## Saved data entries
------------------------

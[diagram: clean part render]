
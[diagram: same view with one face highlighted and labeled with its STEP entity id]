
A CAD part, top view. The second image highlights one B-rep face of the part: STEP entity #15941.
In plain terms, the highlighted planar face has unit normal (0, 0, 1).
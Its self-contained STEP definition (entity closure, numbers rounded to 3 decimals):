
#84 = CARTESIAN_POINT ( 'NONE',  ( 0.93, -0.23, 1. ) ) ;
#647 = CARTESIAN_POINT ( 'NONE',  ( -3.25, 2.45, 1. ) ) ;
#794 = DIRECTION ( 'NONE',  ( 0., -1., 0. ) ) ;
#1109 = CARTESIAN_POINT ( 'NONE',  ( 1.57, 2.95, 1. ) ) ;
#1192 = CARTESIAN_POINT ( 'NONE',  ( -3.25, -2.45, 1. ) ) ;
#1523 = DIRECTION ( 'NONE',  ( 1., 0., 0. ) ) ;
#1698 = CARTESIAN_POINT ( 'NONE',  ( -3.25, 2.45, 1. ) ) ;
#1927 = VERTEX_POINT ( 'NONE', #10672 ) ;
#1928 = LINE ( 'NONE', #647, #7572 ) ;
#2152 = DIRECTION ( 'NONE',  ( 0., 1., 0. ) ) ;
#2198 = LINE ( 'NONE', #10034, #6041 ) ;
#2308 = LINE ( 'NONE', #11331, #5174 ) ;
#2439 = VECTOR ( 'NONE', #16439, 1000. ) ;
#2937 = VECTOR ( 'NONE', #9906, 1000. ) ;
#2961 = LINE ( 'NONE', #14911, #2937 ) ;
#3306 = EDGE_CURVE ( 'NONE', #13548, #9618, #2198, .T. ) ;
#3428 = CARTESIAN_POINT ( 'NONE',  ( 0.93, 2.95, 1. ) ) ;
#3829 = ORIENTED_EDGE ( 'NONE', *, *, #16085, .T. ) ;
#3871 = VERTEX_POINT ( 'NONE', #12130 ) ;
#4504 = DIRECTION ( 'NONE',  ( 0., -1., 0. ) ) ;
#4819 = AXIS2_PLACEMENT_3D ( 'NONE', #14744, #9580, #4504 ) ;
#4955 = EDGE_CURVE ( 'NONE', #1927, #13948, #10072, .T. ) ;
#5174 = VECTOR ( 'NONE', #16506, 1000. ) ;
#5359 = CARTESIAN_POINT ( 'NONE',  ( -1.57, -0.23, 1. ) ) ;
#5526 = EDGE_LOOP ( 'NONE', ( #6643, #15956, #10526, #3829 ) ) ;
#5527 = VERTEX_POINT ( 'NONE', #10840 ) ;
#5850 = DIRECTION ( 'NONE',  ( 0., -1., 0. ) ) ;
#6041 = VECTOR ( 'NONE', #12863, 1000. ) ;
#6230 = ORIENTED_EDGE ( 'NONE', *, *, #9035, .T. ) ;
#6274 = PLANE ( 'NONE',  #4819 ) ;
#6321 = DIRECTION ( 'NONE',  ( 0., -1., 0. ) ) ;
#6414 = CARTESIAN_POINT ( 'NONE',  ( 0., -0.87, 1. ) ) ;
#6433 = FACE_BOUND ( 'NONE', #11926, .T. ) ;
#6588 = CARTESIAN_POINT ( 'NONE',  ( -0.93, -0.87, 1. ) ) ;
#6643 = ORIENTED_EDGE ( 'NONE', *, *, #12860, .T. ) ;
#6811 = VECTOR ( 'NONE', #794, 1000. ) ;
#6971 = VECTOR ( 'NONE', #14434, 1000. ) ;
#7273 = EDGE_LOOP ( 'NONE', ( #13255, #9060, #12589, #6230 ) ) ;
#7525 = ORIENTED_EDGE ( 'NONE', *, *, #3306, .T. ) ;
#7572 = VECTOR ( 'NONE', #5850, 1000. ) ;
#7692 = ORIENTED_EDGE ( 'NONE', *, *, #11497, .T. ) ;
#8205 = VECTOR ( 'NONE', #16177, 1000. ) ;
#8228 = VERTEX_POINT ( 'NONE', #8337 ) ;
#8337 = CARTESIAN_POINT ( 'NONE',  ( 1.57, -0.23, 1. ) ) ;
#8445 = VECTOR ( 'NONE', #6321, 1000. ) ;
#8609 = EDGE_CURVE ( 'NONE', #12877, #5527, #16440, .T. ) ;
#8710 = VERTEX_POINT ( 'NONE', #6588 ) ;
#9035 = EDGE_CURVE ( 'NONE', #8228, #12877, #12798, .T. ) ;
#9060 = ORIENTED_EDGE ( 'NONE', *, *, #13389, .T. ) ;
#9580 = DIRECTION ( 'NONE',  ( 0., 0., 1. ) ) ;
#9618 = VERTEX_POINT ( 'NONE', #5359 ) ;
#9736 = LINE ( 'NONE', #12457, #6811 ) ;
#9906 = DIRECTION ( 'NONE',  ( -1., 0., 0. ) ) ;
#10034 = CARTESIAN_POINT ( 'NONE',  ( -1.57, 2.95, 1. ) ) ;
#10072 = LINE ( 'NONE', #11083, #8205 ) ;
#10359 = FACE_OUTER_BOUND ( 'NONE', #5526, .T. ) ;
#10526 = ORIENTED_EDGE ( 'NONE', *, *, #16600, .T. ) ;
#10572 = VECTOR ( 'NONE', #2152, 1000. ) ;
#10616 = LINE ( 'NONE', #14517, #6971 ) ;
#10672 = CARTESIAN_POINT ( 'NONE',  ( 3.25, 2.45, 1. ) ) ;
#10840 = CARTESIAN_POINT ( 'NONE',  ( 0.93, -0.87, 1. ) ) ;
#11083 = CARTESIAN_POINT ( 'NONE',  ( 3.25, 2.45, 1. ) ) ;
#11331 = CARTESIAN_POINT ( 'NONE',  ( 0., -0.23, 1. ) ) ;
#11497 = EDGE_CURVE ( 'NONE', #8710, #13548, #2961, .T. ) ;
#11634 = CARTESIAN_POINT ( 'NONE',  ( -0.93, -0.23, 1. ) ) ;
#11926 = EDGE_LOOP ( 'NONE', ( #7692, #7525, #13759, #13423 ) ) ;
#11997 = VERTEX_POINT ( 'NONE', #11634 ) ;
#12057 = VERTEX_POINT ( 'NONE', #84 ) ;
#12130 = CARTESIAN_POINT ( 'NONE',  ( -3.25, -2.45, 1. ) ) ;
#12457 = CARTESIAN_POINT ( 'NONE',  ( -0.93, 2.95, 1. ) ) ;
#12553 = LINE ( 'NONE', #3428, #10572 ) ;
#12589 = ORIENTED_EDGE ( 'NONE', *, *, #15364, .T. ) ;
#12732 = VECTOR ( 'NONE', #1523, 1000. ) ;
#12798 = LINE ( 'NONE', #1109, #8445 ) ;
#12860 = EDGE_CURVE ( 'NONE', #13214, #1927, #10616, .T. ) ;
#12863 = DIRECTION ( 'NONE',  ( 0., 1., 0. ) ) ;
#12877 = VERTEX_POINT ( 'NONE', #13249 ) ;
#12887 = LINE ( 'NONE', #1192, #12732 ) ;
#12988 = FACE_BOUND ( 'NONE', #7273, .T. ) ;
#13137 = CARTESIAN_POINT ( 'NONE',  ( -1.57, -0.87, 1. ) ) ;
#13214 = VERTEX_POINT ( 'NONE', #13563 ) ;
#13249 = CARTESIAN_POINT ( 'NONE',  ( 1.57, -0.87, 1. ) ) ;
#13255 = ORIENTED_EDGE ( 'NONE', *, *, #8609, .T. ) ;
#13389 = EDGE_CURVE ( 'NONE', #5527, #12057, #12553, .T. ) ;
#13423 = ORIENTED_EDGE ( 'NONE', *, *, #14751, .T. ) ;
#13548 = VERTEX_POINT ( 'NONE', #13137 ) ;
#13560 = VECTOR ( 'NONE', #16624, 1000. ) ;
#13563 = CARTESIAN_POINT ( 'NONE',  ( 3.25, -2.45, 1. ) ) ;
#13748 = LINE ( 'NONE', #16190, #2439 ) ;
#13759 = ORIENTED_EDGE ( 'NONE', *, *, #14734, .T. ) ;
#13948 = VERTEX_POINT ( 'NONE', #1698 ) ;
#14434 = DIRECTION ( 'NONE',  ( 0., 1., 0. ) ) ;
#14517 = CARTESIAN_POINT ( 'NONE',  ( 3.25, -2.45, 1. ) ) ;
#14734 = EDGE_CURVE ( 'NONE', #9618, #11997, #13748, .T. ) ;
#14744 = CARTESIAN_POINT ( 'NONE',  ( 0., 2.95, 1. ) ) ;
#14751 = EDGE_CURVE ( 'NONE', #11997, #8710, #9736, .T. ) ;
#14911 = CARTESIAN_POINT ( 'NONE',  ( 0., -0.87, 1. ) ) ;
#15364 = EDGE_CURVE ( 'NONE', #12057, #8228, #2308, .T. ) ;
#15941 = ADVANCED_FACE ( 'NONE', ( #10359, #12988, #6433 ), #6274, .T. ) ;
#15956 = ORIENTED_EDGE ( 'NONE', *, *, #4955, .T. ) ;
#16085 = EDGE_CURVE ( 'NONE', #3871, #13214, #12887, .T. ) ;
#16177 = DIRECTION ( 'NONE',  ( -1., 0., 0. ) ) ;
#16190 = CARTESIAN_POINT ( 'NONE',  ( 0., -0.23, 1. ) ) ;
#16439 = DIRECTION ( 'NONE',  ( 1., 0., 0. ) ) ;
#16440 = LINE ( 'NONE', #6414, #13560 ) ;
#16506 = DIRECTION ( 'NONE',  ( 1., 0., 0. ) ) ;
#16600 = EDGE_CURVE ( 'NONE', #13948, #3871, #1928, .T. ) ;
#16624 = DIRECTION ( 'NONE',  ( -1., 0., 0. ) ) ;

------------------------

## Exercise description
In the entries above, please find the line with "#5359 = CARTESIAN_POINT" and the line with "#6588 = CARTESIAN_POINT", then write out exactly those two lines and every line between them, and nothing more.

## Answer area
#5359 = CARTESIAN_POINT ( 'NONE',  ( -1.57, -0.23, 1. ) ) ;
#5526 = EDGE_LOOP ( 'NONE', ( #6643, #15956, #10526, #3829 ) ) ;
#5527 = VERTEX_POINT ( 'NONE', #10840 ) ;
#5850 = DIRECTION ( 'NONE',  ( 0., -1., 0. ) ) ;
#6041 = VECTOR ( 'NONE', #12863, 1000. ) ;
#6230 = ORIENTED_EDGE ( 'NONE', *, *, #9035, .T. ) ;
#6274 = PLANE ( 'NONE',  #4819 ) ;
#6321 = DIRECTION ( 'NONE',  ( 0., -1., 0. ) ) ;
#6414 = CARTESIAN_POINT ( 'NONE',  ( 0., -0.87, 1. ) ) ;
#6433 = FACE_BOUND ( 'NONE', #11926, .T. ) ;
#6588 = CARTESIAN_POINT ( 'NONE',  ( -0.93, -0.87, 1. ) ) ;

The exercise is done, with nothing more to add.